**What you will do**
For each record below, retype the text exactly and omit any image.

**Exercise materials**
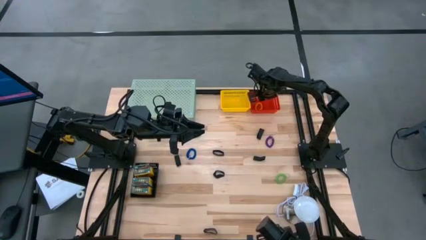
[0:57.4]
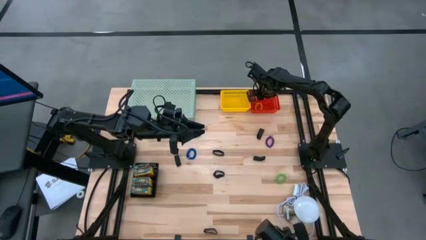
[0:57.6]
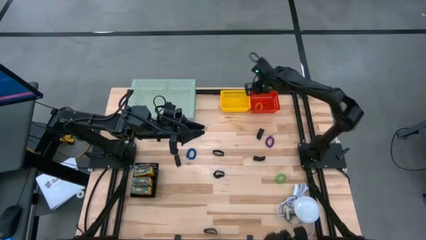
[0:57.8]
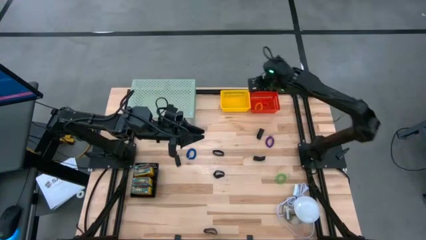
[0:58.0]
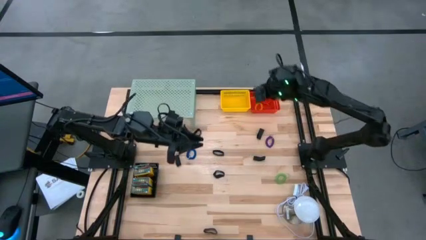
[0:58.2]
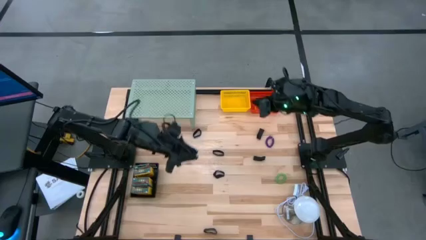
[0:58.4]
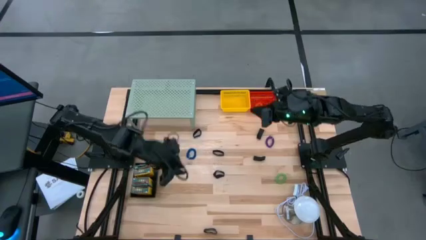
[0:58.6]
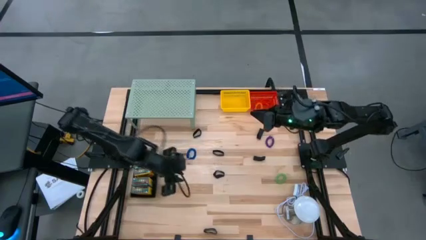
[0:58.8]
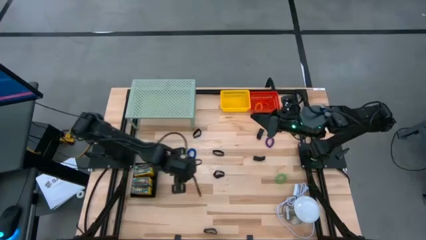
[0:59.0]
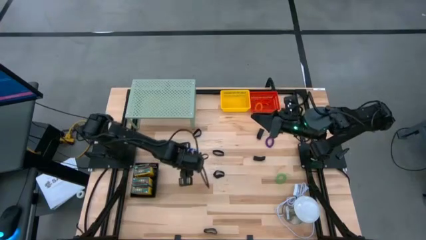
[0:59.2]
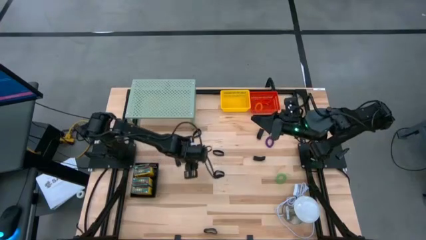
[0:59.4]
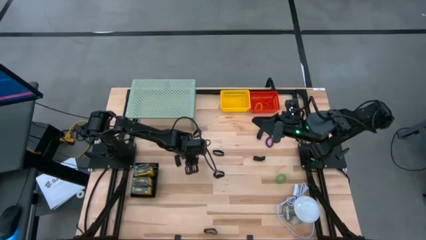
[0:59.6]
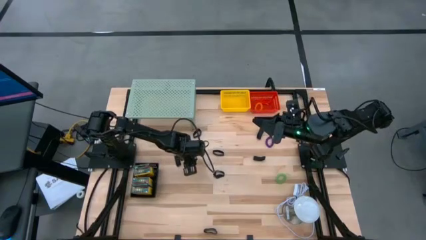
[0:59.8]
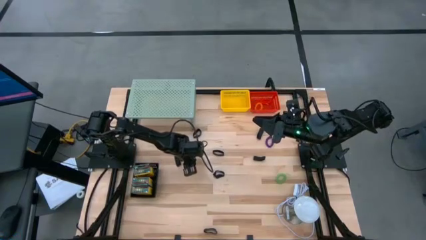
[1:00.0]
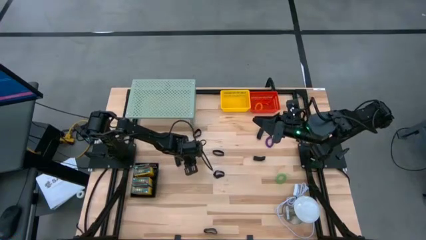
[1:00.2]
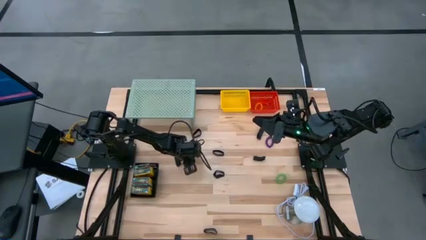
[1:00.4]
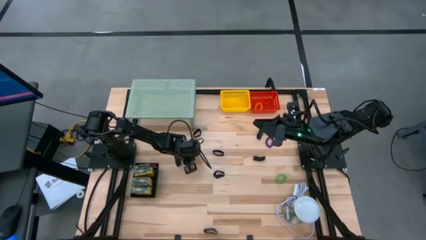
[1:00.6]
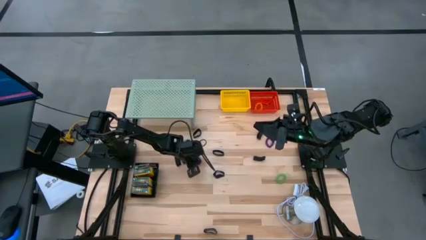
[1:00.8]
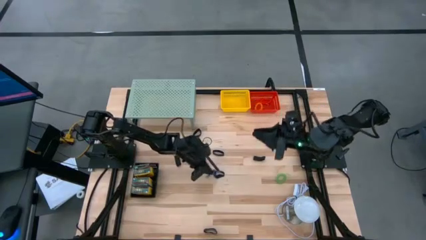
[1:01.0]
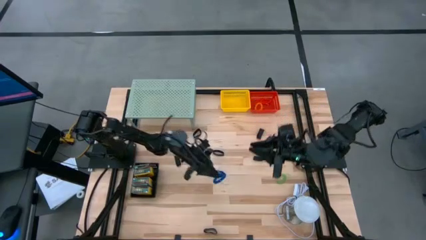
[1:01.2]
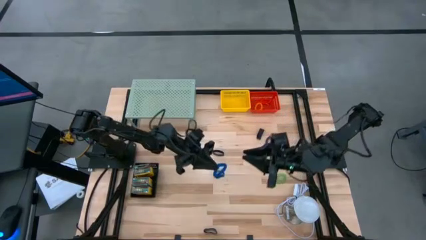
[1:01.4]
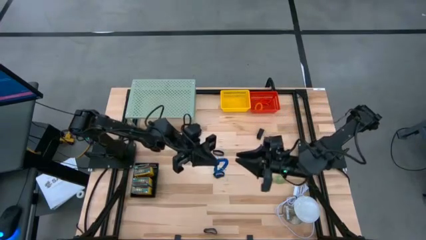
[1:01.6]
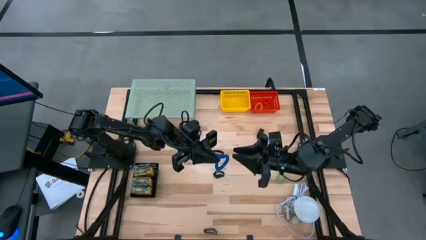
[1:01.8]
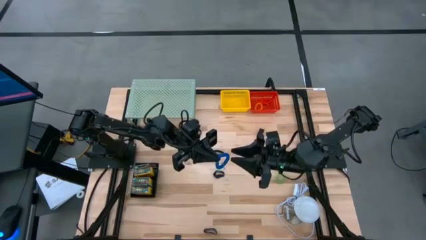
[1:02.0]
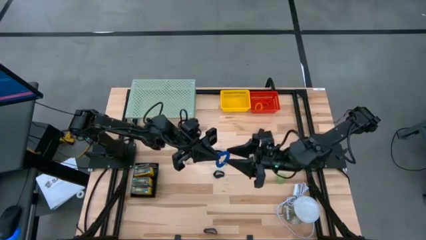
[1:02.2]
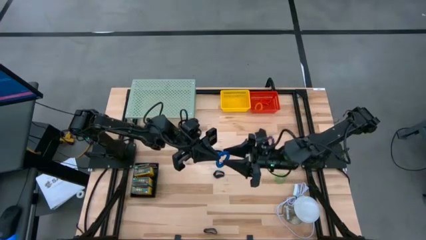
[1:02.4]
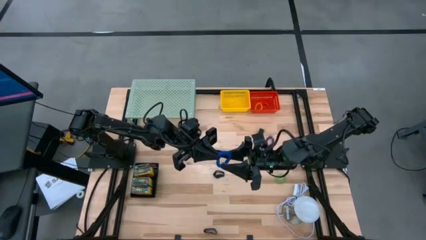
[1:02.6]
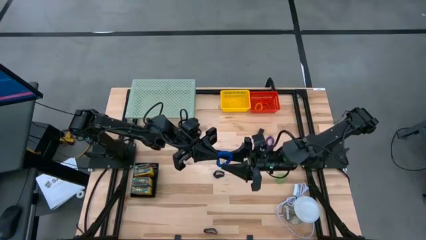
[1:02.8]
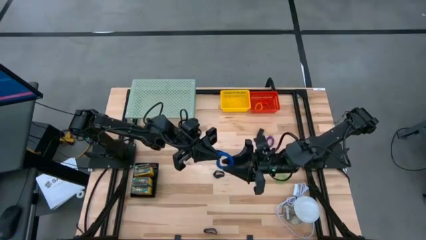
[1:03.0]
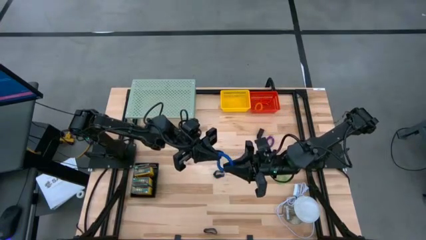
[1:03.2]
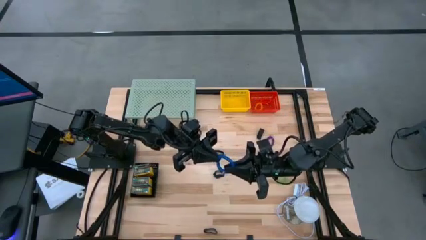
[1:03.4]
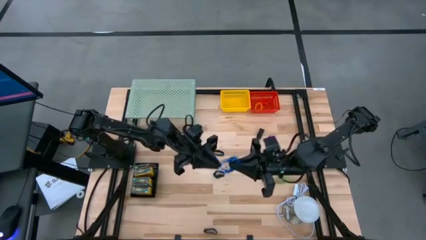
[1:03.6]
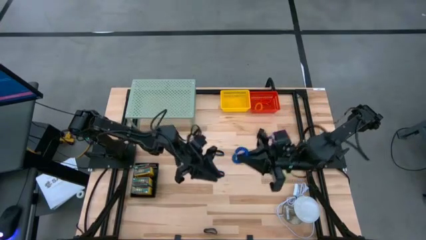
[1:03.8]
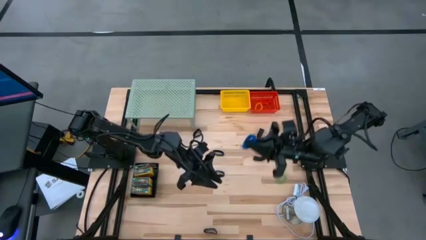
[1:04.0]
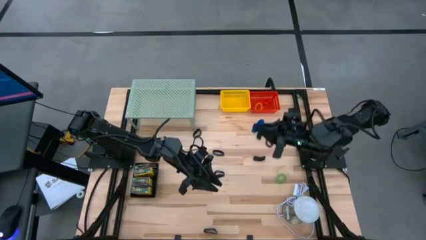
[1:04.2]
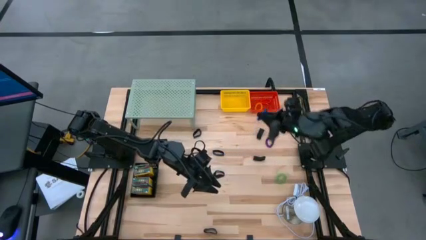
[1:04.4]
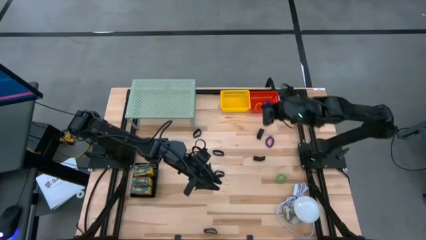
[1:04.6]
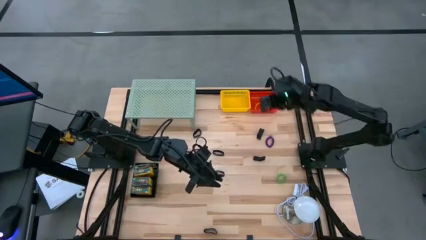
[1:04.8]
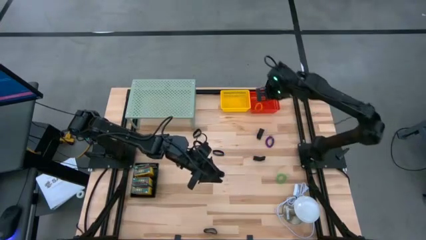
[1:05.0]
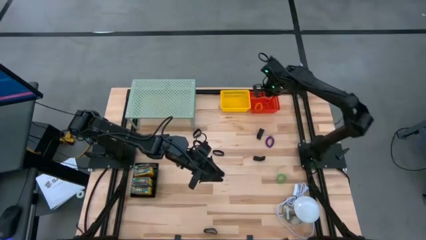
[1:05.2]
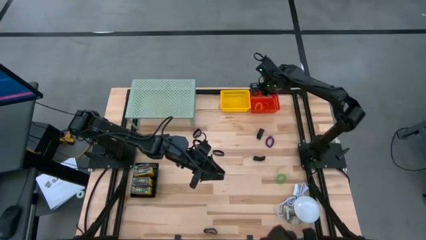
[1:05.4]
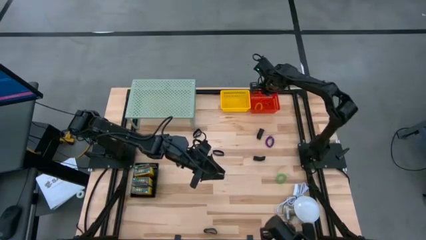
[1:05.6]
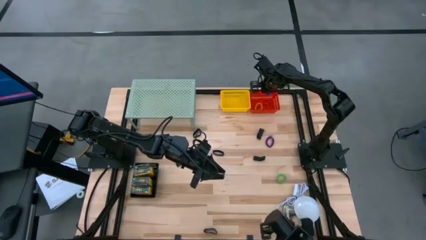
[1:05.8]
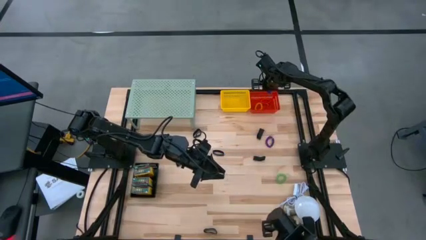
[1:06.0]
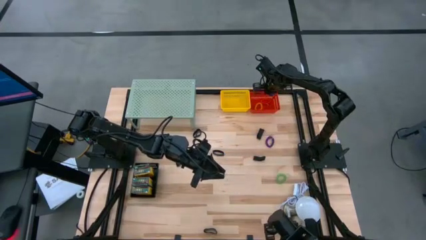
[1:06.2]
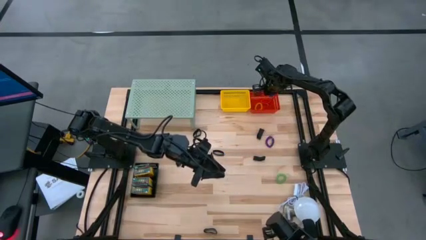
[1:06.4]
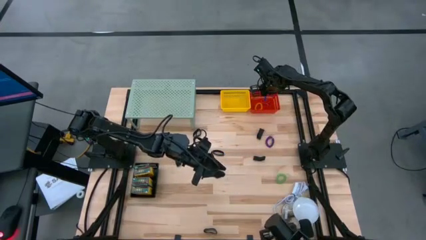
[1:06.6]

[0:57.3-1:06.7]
Put the blue spring keychain into the red basket

**Task output**
[0:57.4]
[0:57.6]
[0:57.8]
[0:58.0]
[0:58.2]
[0:58.4]
[0:58.6]
[0:58.8]
[0:59.0]
[0:59.2]
[0:59.4]
[0:59.6]
[0:59.8]
[1:00.0]
[1:00.2]
[1:00.4]
[1:00.6]
[1:00.8]
[1:01.0]
[1:01.2]
[1:01.4]
[1:01.6]
[1:01.8]
[1:02.0]
[1:02.2]
[1:02.4]
[1:02.6]
[1:02.8]
[1:03.0]
[1:03.2]
[1:03.4]
[1:03.6]
[1:03.8]
[1:04.0]
[1:04.2]
[1:04.4]
[1:04.6]
[1:04.8]
[1:05.0]
[1:05.2]
[1:05.4]
[1:05.6]
[1:05.8]
[1:06.0]
[1:06.2]
[1:06.4]
[1:06.6]

[0:57.3-1:06.7]
Put the blue spring keychain into the red basket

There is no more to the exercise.